Dancing around the maypole, in Åmmeberg, Sweden
Maypole dancing is a form of folk dance from western Europe, especially England, Basque Country, Finland, Sweden, Galicia, Portugal and Germany,
According to the polemic anti-Catholic pamphlet The Two Babylons, the origin of the maypole dance began in ancient Babylon during sex worship and fertility rites. However, as documented in the book review, "THE TWO BABYLONS: A Case Study in Poor Methodology", by Ralph Woodrow, which appeared in volume 22, number 2 (2000) of the Christian Research Journal (Article DC187), Two Babylons author Alexander Hislop was an exceptionally poor researcher who "picked, chose and mixed" portions of various unrelated myths from many different cultures. For example, he wrote that Nimrod was married to Semiramis although she lived 2,000 years later.
The church of St Andrew Undershaft in the City of London is named after the maypole that was kept under its eaves and set up each spring until 1517 when student riots put an end to the custom. The maypole itself survived until 1547 when a Puritan mob seized and destroyed it as a "pagan idol".

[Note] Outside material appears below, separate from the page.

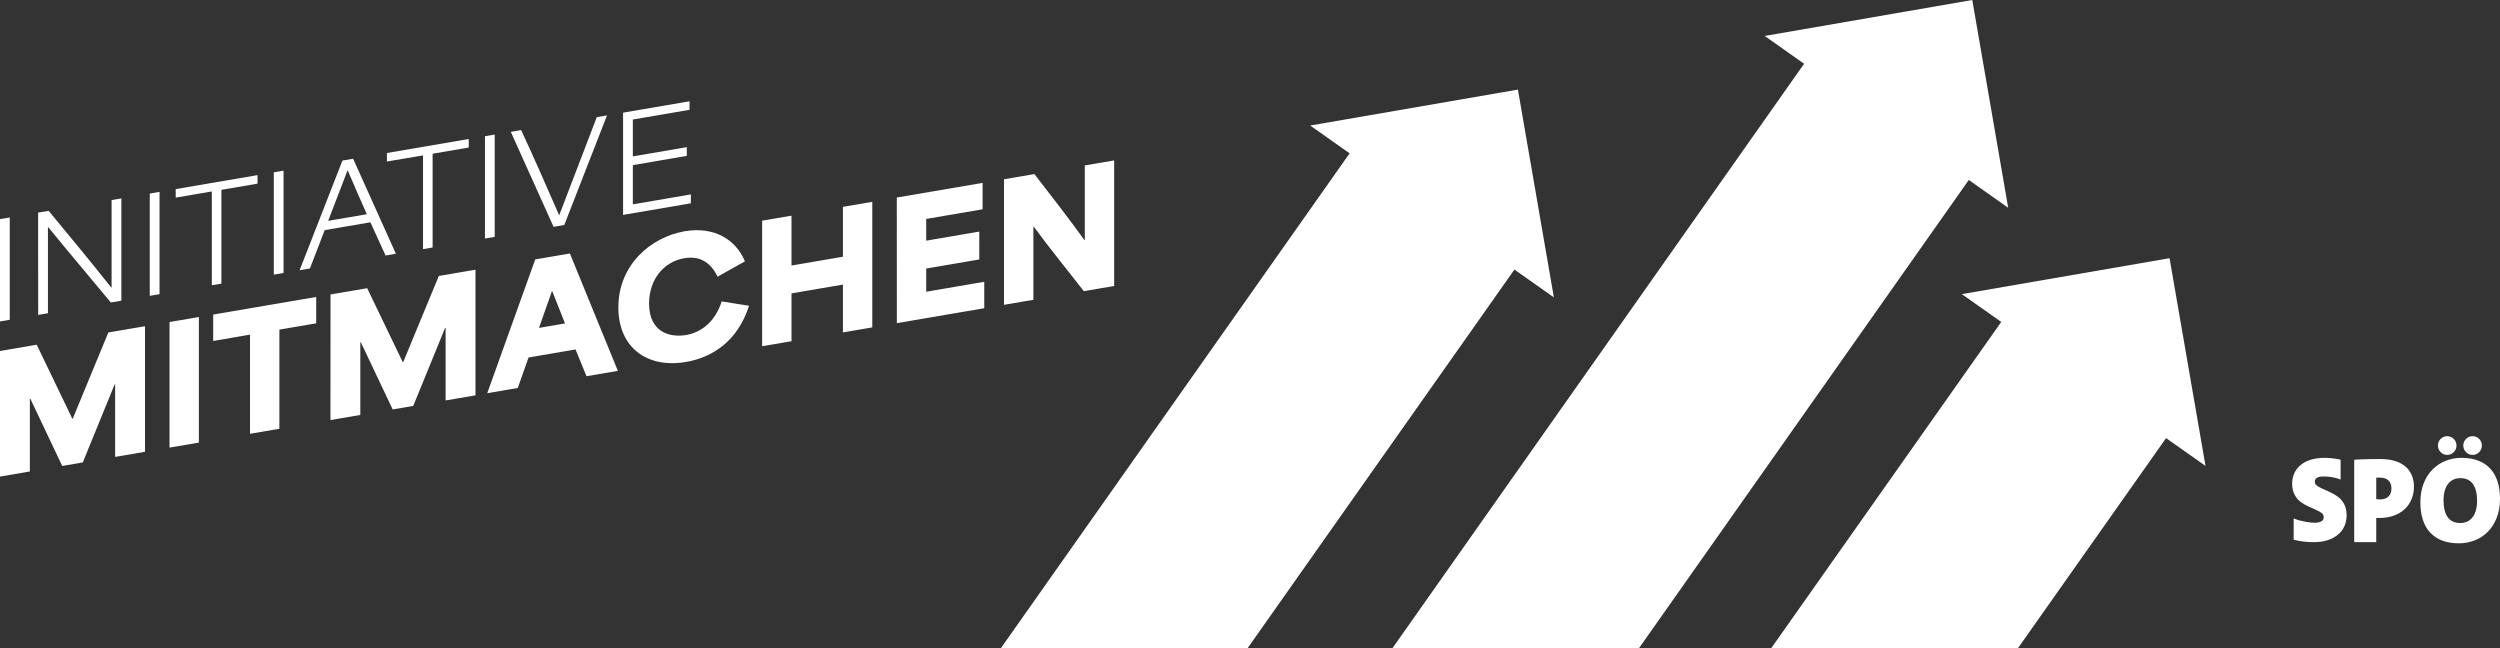 <svg xmlns="http://www.w3.org/2000/svg" xmlns:xlink="http://www.w3.org/1999/xlink" width="4270px" height="1107px" viewBox="0 0 4270 1107"><rect x="0" y="0" width="4270" height="1107" fill="#333333" stroke="none"/><title>Initiative Mitmachen Pfeile</title><g id="Initiative-Mitmachen-Pfeile" stroke="none" stroke-width="1" fill="none" fill-rule="evenodd"><g id="Group" fill="#FFFFFF" fill-rule="nonzero"><g id="TI-Mitmachen_Schriftzug_weiss" transform="translate(0, 173)"><path d="M1064.228,194.043 L1180,174.249 L1180,159.022 L1080.889,176.057 L1080.889,109.06 L1173.05,93.262 L1173.05,78.321 L1080.889,94.119 L1080.889,31.119 L1177.715,14.56 L1177.715,0 L1064.228,19.414 L1064.228,194.043 L1064.228,194.043 Z M945.504,214.409 L963.784,211.268 L1036.808,24.077 L1019.29,27.122 C1000.344,76.894 976.542,138.561 955.311,194.138 L954.835,194.233 C933.794,145.889 910.278,92.311 890.094,49.201 L872.48,52.246 L945.504,214.409 L945.504,214.409 Z M828.304,234.393 L844.965,231.538 L844.965,56.814 L828.304,59.669 L828.304,234.393 Z M722.529,92.406 L722.529,252.57 L738.904,249.715 L738.904,89.551 L800.599,78.988 L800.599,64.427 L660.834,88.314 L660.834,102.874 L722.529,92.406 L722.529,92.406 Z M560.486,204.226 C573.434,170.156 587.334,134.66 593.523,118.196 L593.999,118.101 C602.758,138.752 614.563,166.35 626.56,192.901 L560.486,204.226 L560.486,204.226 Z M511.74,288.543 L529.353,285.497 C537.636,263.704 546.014,241.911 554.583,220.023 L632.653,206.7 C641.222,225.638 649.981,244.481 658.549,263.419 L676.163,260.374 L603.139,98.116 L584.859,101.256 L511.74,288.543 L511.74,288.543 Z M467.659,296.061 L484.32,293.206 L484.32,118.481 L467.659,121.336 L467.659,296.061 L467.659,296.061 Z M361.788,153.978 L361.788,314.142 L378.164,311.382 L378.164,151.218 L439.858,140.655 L439.858,126.095 L300.094,149.981 L300.094,164.542 L361.788,153.978 L361.788,153.978 Z M255.822,332.319 L272.483,329.464 L272.483,154.74 L255.822,157.595 L255.822,332.319 Z M65.217,364.866 L81.878,362.011 L81.878,214.599 L82.069,214.599 C118.152,259.041 154.141,301.009 189.272,343.644 L207.266,340.598 L207.266,165.874 L190.605,168.729 L190.605,318.139 L190.129,318.234 C154.331,273.031 118.724,230.301 83.116,187.096 L65.122,190.141 L65.217,364.866 L65.217,364.866 Z M0,376 L16.661,373.145 L16.661,198.421 L0,201.276 L0,376 L0,376 Z" id="Shape"></path><path d="M1714.888,347.631 L1765.033,339.065 L1765.033,214.464 L1765.889,214.369 C1794.244,253.205 1822.884,287.663 1851.143,324.31 L1903,315.458 L1903,101 L1852.856,109.567 L1852.856,237.118 L1852.285,237.214 C1823.645,197.33 1795.29,161.444 1766.745,124.321 L1714.888,133.173 L1714.888,347.631 L1714.888,347.631 Z M1531.82,378.948 L1681.11,353.438 L1681.11,308.319 L1581.964,325.262 L1581.964,285.664 L1672.642,270.149 L1672.642,222.555 L1581.964,238.07 L1581.964,200.947 L1678.256,184.48 L1678.256,139.361 L1531.725,164.395 L1531.82,378.948 L1531.82,378.948 Z M1301.747,418.356 L1351.891,409.789 L1351.891,328.118 L1439.715,313.078 L1439.715,394.749 L1489.859,386.182 L1489.859,171.724 L1439.715,180.291 L1439.715,265.484 L1351.891,280.524 L1351.891,195.331 L1301.747,203.898 L1301.747,418.356 L1301.747,418.356 Z M1171.677,445.199 C1217.064,437.489 1260.071,409.408 1279.387,349.25 L1232.668,341.825 C1221.345,376.759 1197.843,394.749 1171.772,399.223 C1143.703,403.983 1108.593,394.083 1108.593,345.442 C1108.593,304.797 1133.236,274.146 1168.632,268.054 C1198.414,262.914 1215.636,278.715 1225.627,299.562 L1272.346,273.385 C1256.741,235.691 1219.347,213.417 1169.489,221.984 C1112.303,231.788 1056.165,278.811 1056.165,351.915 C1056.07,420.45 1105.072,456.621 1171.677,445.199 M920.576,387.039 L942.651,324.406 L943.222,324.31 C954.83,353.343 961.11,369.429 965.011,379.424 L920.576,387.039 L920.576,387.039 Z M832.182,498.599 L884.324,489.652 C890.509,472.327 896.503,454.908 902.783,437.584 L982.995,423.877 L1001.739,469.567 L1055.309,460.429 L973.385,259.964 L914.201,270.053 L832.182,498.599 L832.182,498.599 Z M564.43,544.48 L615.43,535.722 L615.43,411.693 L616.287,411.598 L670.712,526.299 L705.823,520.302 L760.249,387.039 L761.105,386.944 L761.105,510.974 L812.105,502.216 L812.105,287.663 L749.497,298.324 C729.039,347.441 708.963,396.558 688.601,445.675 L688.03,445.77 C667.572,403.602 647.496,361.434 627.134,319.265 L564.525,329.926 L564.43,544.48 L564.43,544.48 Z M427.033,398.557 L427.033,567.896 L477.177,559.329 L477.177,389.99 L540.071,379.234 L540.071,334.21 L364.139,364.289 L364.139,409.408 L427.033,398.557 L427.033,398.557 Z M289.541,591.502 L339.685,582.935 L339.685,368.478 L289.541,377.044 L289.541,591.502 Z M0,641 L51,632.243 L51,508.308 L51.857,508.118 L106.283,622.819 L141.393,616.822 L195.819,483.559 L196.675,483.369 L196.675,607.399 L247.675,598.641 L247.675,384.184 L185.067,394.845 C164.705,443.961 144.533,493.078 124.171,542.195 L123.6,542.29 C103.238,500.122 83.066,457.954 62.704,415.786 L0,426.542 L0,641 Z" id="Shape"></path></g><g id="Pfeile" transform="translate(1342, 0)"><polygon id="Path" points="895.796 214.407 963.144 261.907 0 1628.526 0 2020 145.507 2020 1244.642 460.419 1312 507.919 1250.602 153"></polygon><polygon id="Path" points="1739.407 108.902 398 2013.34 408.863 2021 813.69 2021 2020.69 307.374 2088 354.877 2026.647 0 1672.098 61.408"></polygon><polygon id="Path" points="2008.795 502.38 2076.143 549.86 1041 2018 1462.408 2018 2357.651 748.286 2425 795.766 2363.602 441"></polygon></g><g id="SPOE_weiss" transform="translate(3915, 745)"><path d="M350.88,77.558 L350.88,77.558 C348.098,68.849 343.854,61.381 338.268,55.343 C332.653,49.291 325.625,44.659 317.388,41.578 C309.252,38.538 299.799,37 289.279,37 C279.79,37 270.717,38.68 262.311,41.998 C253.866,45.33 246.283,50.331 239.781,56.853 C233.275,63.386 228.124,71.496 224.475,80.965 C220.837,90.383 219,101.128 219,112.888 C219,123.928 220.386,133.872 223.122,142.442 C225.899,151.156 230.143,158.629 235.732,164.651 C241.342,170.704 248.365,175.341 256.607,178.422 C264.748,181.462 274.272,183 284.916,183 C294.27,183 303.308,181.315 311.783,178.002 C320.304,174.67 327.887,169.659 334.333,163.136 C340.763,156.614 345.879,148.499 349.525,139.035 C353.155,129.607 355,118.867 355,107.112 C355,96.082 353.614,86.138 350.878,77.558 M315.847,110.297 C315.847,116.589 315.12,122.243 313.688,127.105 C312.287,131.846 310.309,135.83 307.8,138.936 C305.348,141.982 302.355,144.323 298.91,145.899 C295.428,147.49 291.491,148.301 287.199,148.301 C277.7,148.301 270.755,145.174 265.974,138.738 C261.049,132.106 258.551,122.337 258.551,109.695 C258.551,103.398 259.273,97.745 260.709,92.887 C262.1,88.146 264.084,84.168 266.598,81.056 C269.055,78.011 272.048,75.67 275.488,74.094 C278.964,72.502 282.907,71.696 287.199,71.696 C296.698,71.696 303.642,74.823 308.423,81.255 C313.349,87.892 315.847,97.666 315.847,110.297" id="Shape"></path><path d="M88.922,116.265 C86.238,111.14 82.715,106.908 78.452,103.685 C74.377,100.601 69.637,97.827 64.369,95.445 C59.291,93.15 54.635,91.053 50.403,89.144 C46.491,87.386 43.415,85.52 41.269,83.58 C39.529,82.018 38.716,80.238 38.716,77.996 C38.716,75.082 39.724,73.005 41.873,71.443 C44.302,69.691 48.269,68.803 53.67,68.803 C62.306,68.803 72.061,70.279 78.51,72.556 L82.758,74.063 L82.808,40.17 L80.283,39.63 C76.556,38.826 72.392,38.182 67.895,37.708 C63.417,37.238 59.253,37 55.511,37 C47.153,37 39.466,38.004 32.678,39.98 C25.777,41.991 19.833,44.965 15.015,48.822 C10.146,52.725 6.379,57.48 3.826,62.96 C1.285,68.415 0,74.468 0,80.95 C0,88.271 1.376,94.598 4.093,99.764 C6.783,104.894 10.29,109.096 14.507,112.259 C18.522,115.264 23.138,117.962 28.232,120.282 C33.125,122.514 37.822,124.609 42.193,126.505 C46.213,128.253 49.294,130.134 51.362,132.095 C53.062,133.708 53.887,135.713 53.887,138.227 C53.887,141.45 52.779,143.656 50.385,145.157 C47.587,146.92 43.643,147.817 38.658,147.817 C33.673,147.817 28.785,147.308 23.805,146.306 L22.628,146.068 C17.694,145.084 10.942,143.737 6.985,142.145 L2.611,140.382 L2.54,176.74 L4.949,177.358 C9.641,178.571 14.767,179.489 20.184,180.097 C25.57,180.696 31.259,181 37.097,181 C45.739,181 53.584,179.892 60.407,177.701 C67.294,175.489 73.253,172.312 78.132,168.254 C83.066,164.151 86.818,159.227 89.298,153.604 C91.758,148.025 93,141.797 93,135.077 C93,127.766 91.629,121.439 88.924,116.268" id="Path"></path><path d="M192.838,51.303 L192.838,51.303 C182.955,43.141 168.613,39 150.201,39 C144.01,39 137.764,39.066 131.634,39.2 C125.682,39.329 120.72,39.469 116.893,39.603 C113.151,39.737 110.472,39.876 108.928,40.011 L106,40.274 L106,181 L143.614,181 L143.614,139.617 C145.143,139.683 146.778,139.721 148.601,139.721 C158.009,139.721 166.485,138.346 173.814,135.634 C181.193,132.898 187.516,129.046 192.612,124.176 C197.724,119.288 201.616,113.542 204.173,107.091 C206.713,100.697 208,93.755 208,86.473 C208,71.453 202.899,59.618 192.841,51.308 M150.204,107.998 C149.005,107.998 147.921,107.968 146.885,107.899 C145.856,107.843 144.907,107.755 144.066,107.631 C143.911,107.61 143.762,107.585 143.617,107.565 L143.617,70.855 C143.812,70.85 144.015,70.84 144.231,70.83 C145.874,70.769 147.484,70.731 149.008,70.731 C156.077,70.731 161.331,72.405 164.627,75.7 C167.968,79.048 169.588,83.518 169.588,89.366 C169.588,95.213 167.94,99.671 164.543,103.011 C161.14,106.364 156.448,107.995 150.206,107.995" id="Shape"></path><path d="M275.971,4.657 C272.827,1.554 269.114,0 264.841,0 C260.568,0 256.684,1.557 253.611,4.657 C250.534,7.765 249,11.545 249,15.997 C249,20.45 250.536,24.067 253.611,27.242 C256.684,30.412 260.427,32 264.841,32 C269.255,32 272.827,30.412 275.971,27.242 C279.11,24.067 280.682,20.318 280.682,15.997 C280.682,11.677 279.11,7.765 275.971,4.657 M319.389,4.657 C316.311,1.554 312.568,0 308.159,0 C303.75,0 300.168,1.557 297.024,4.657 C293.885,7.765 292.313,11.545 292.313,15.997 C292.313,20.45 293.885,24.067 297.024,27.242 C300.168,30.412 303.876,32 308.159,32 C312.443,32 316.311,30.412 319.389,27.242 C322.461,24.067 324,20.318 324,15.997 C324,11.677 322.459,7.765 319.389,4.657" id="Shape"></path></g></g></g></svg>

There are two distinctive traditions of maypole dancing, the circle dance and the ribbon dance.
Circle Dance 
Dancers perform circle dances around a tall pole which is dressed with garlands, painted stripes, flowers, flags and other emblems. The circular dance is regarded as the most common and ancient form and is thought by some to have Germanic pagan fertility symbolism, although there is a lack of evidence to support this. The circular dance is traditionally performed in the spring around the festival of May Day, but in Sweden it is during the midsummer festivities.
Ribbon Dance 
Dancers gather in a circle, each holding a coloured ribbon attached to a much smaller pole. As the dance commences the ribbons are intertwined and plaited either on to the pole itself or into a web around the pole. The dancers may then retrace their steps exactly in order to unravel the ribbons. This style of maypole dancing originates in the 18th century, and is derived from traditional and 'art' dance forms popular in Italy and France. These were exported to the London stage and reached a large audience, becoming part of the popular performance repertoire. Adopted at a large teacher training institution, the ribbon maypole dance then spread across much of England, and is now regarded as the most 'traditional' of May Day's traditional characteristics.
Both dance forms can be seen on the same day at the triennial maypole festival held in the village of Barwick-in-Elmet, West Yorkshire. Children of the village school perform a ribbon dance around a small maypole, and later a group of morris dancers perform a circle dance around the main maypole.